Fortunately, on an operating system like one of the Linux distributions or Mac OS, users have the ability (should they desire it) to use both the graphical interface and the command line… switching between the two based on what’s most appropriate for the task at hand.
Also Windows has a commandline. Just type in cmd. So you could also use it here when you want. But the command line at Windows is not longer needed for normal work. A windows user will most likely never even notice that there is a command line available. You can completely work with the graphical UI.
Same goes for most configs that require root. You can do them from GUI without having to be root to start them. If a program requires root in Ubuntu, it’ll ask you when you start it.
Linux requires root rights for stuff like editing configs. And at Debian and Ubuntu desktop this means to start the console. There is no right click menu to open a config as root, and you cannot log in to the desktop as root. Trapped. No choice but to use the console.
In terms of speed and efficiency for completing certain tasks, the command line can definitely be a more appropriate tool than a graphical interface. However, the large population of computer users have decided that they’re unwilling to learn how to work from a terminal window
Some things may really work faster when you look at the isolated task.

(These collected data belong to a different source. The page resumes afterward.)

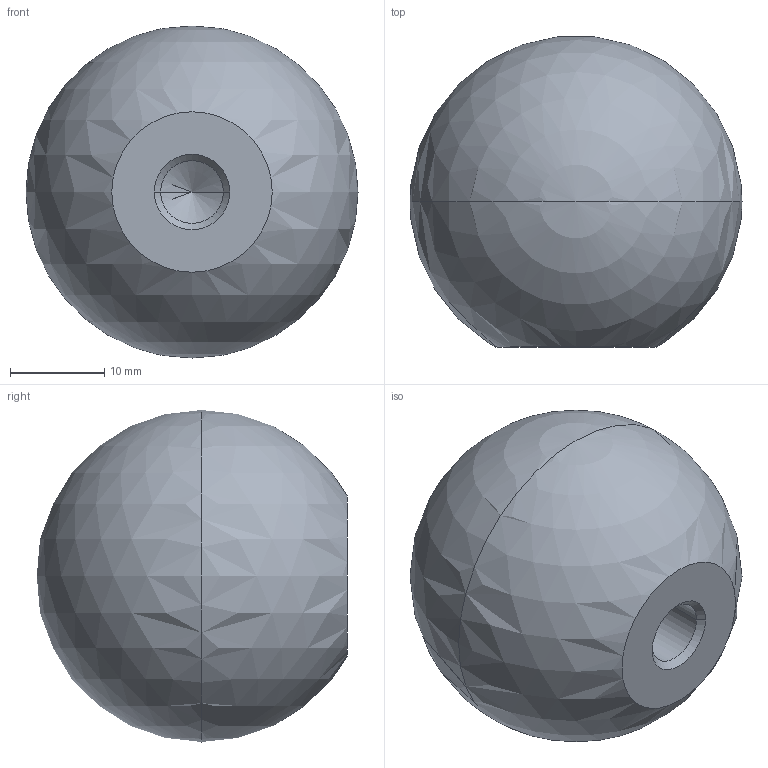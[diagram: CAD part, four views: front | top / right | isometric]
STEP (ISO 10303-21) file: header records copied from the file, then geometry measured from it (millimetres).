
FILE_DESCRIPTION( ( '' ), '1' );
FILE_NAME( 'K0159.23508.stp', '2012-11-01T09:10:02', ( '' ), ( '' ), ' ', ' ', ' ' );
FILE_SCHEMA( ( 'CONFIG_CONTROL_DESIGN' ) );
Length unit declared in the file: millimetre
Products named in the file (1): 1
Bounding box: 35.19 x 32.89 x 35.19 mm (x, y, z)
Volume: 22013 mm3; surface area: 4186.5 mm2
Topology: 1 solids, 1 shells, 9 faces, 22 edges, 11 vertices
Faces by surface type: cone 4, sphere 2, cylinder 2, plane 1
Entity records: 272 total; most frequent: DIRECTION 46, CARTESIAN_POINT 37, ORIENTED_EDGE 32, AXIS2_PLACEMENT_3D 20, EDGE_CURVE 16, EDGE_LOOP 11, VERTEX_POINT 11, FACE_OUTER_BOUND 10

But you cannot look at it in the isolated manner like hey, look, this command line command is much faster than to click me through a graphical menu. Learning time is also working time. Fixing typoes is also working time.
And the more complex the things becomes, the better is a graphical solution suited. You will not edit your mysql database at the console anymore. You will use Phpmyadmin or similar tools. You will also rarely setup your firewall at the console, you will use a graphical firewall builder for that. And so on. Because complexity is easier to handle in a graphical way. And this were examples from the area where the console is still regularly used, by server admins.
It’s also not that the people are unwilling to learn. You assume with that that the graphical UI is the weaker solution, and that the users just doesn’t want to learn the better solution because they are lazy. But it’s the other way around. It’s the better solution for most of the users. They voted that one with their feet already.
So the question is not longer what is better. The question is, why is the graphical approach better for most users? This has its reasons.
The graphical UI provides the easier and faster way to work with in nearly all cases. A click will always be faster and easier than typing letters. A button has a tooltip too. And tells you, hey, i am a tool. Use me. So why should a user bother to keep in memory what is what, why learn a special command at a command line tool when he can do the same with one single click at a button?
Overall, in the whole, it’s the mix of faster, easier and more convenient that makes the work with a graphical UI better. Even when this means to have some special isolated tasks that are a bit slower than at the console. Those rare tasks where the console is really faster is not worth it to learn the work with the console really when you don’t need it like for a server. Especially when the same task in the graphical UI may be a bit slower, but is more convenient. And that’s in my opinion the reason why we have Windows at the desktop now, and not longer Dos.